Dans un souci mystique et en réaction contre l’anticléricalisme ambiant de la fin du 19e siècle, l’artiste tente « un essai de représentation artistique, à l’aide de pierres et de métaux précieux, des notions que l’humanité a de Dieu et de sa nature, des êtres et de leur nature, des rapports mutuels des êtres et de leur relations avec le Créateur ».

L’œuvre a été pensée de manière symbolique. Le roc « représente la matière à travers laquelle circule la vie qui a sa source en Dieu » ; cette dernière est matérialisée par le fleuve qui, sous le Christ ressuscité, jaillit du tombeau ouvert par un ange, « sortant de Dieu sans que l’on puisse pénétrer le mystère de son origine, symbole de la vie, il traverse le tombeau du Christ pour montrer que la mort de Dieu Rédempteur… a régénéré ainsi la source de la vie ».
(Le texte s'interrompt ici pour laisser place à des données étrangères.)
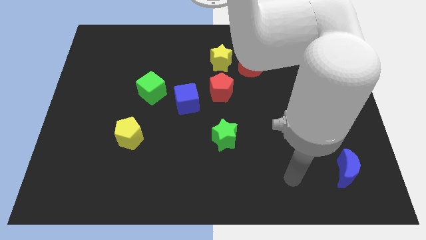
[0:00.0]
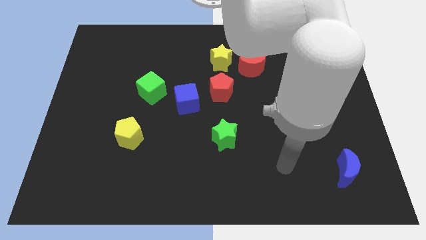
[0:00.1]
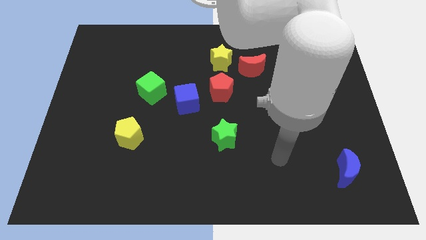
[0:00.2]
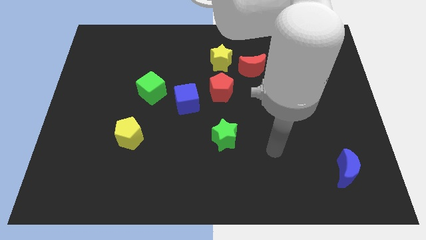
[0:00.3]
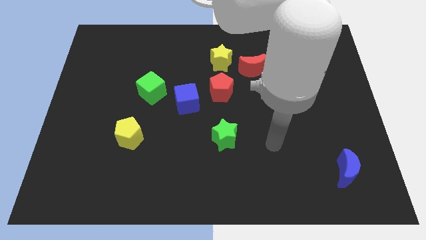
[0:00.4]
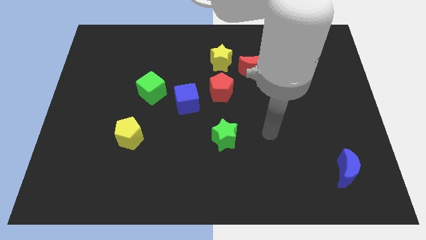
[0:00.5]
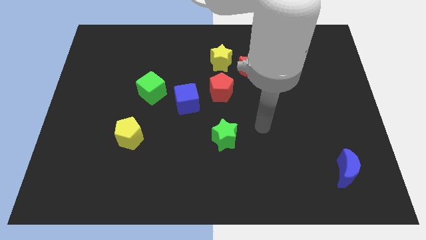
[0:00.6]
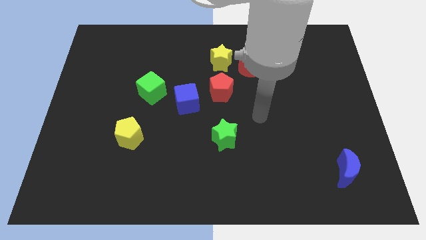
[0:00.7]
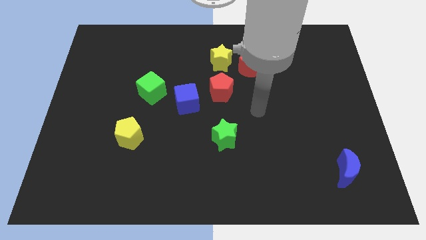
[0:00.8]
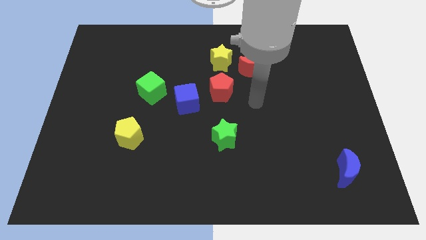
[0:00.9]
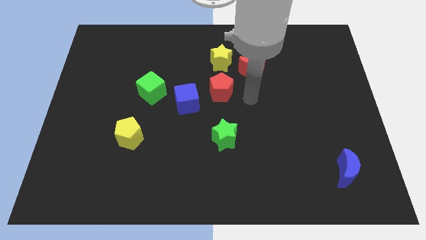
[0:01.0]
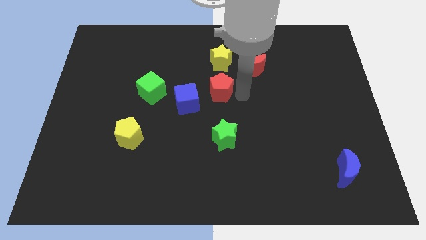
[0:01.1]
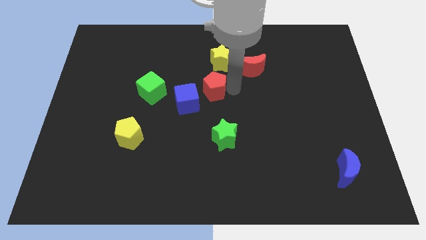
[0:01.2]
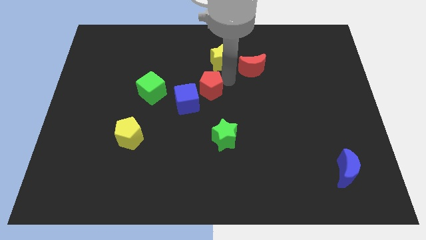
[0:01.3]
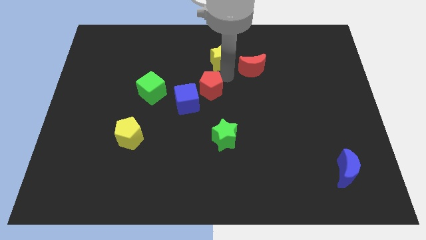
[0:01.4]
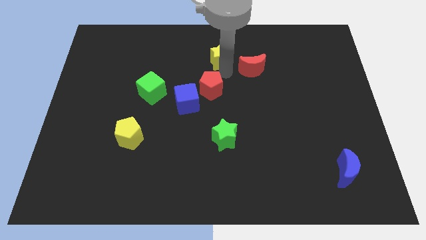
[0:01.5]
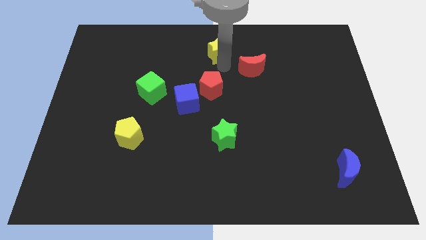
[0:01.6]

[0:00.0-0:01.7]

Bien que la Maison Chaumet eut par le passé exécuté des bijoux et des objets d’art à caractère religieux, ce fut Joseph Chaumet qui œuvra le plus pour développer cette activité. En effet, la proximité d’une clientèle réunissant les plus ardents défenseurs de l’Eglise  lui fit réaliser de nombreux objets ornés de sujets religieux. Sa proximité avec le clergé suscita des commandes d’objets liturgiques : calices, ciboires, ostensoirs ou bijoux tels les anneaux épiscopaux. Pour le couronnement de Notre-Dame de Consolation à Hyères en 1909, il crée les couronnes en vermeil et pierre de couleur des statues de la Vierge et de l’Enfant Jésus, commande émanant de l’évêque de Fréjus.

“Sanglé dans sa redingote noire comme une soutane, barbe grise et longue figure de missionnaire ascétique”, ainsi figure Joseph Chaumet sur les deux portraits que nous lui connaissons. Ne confiait-il pas tout jeune homme à son beau-père Prospel Morel sa profession de foi qui a nourri toute son existence : “Avec l’aide de Dieu j’espère atteindre le Ciel. Je compte sur l’aide de Dieu pour bénir mes efforts et me donner la force nécessaire pour atteindre au but.”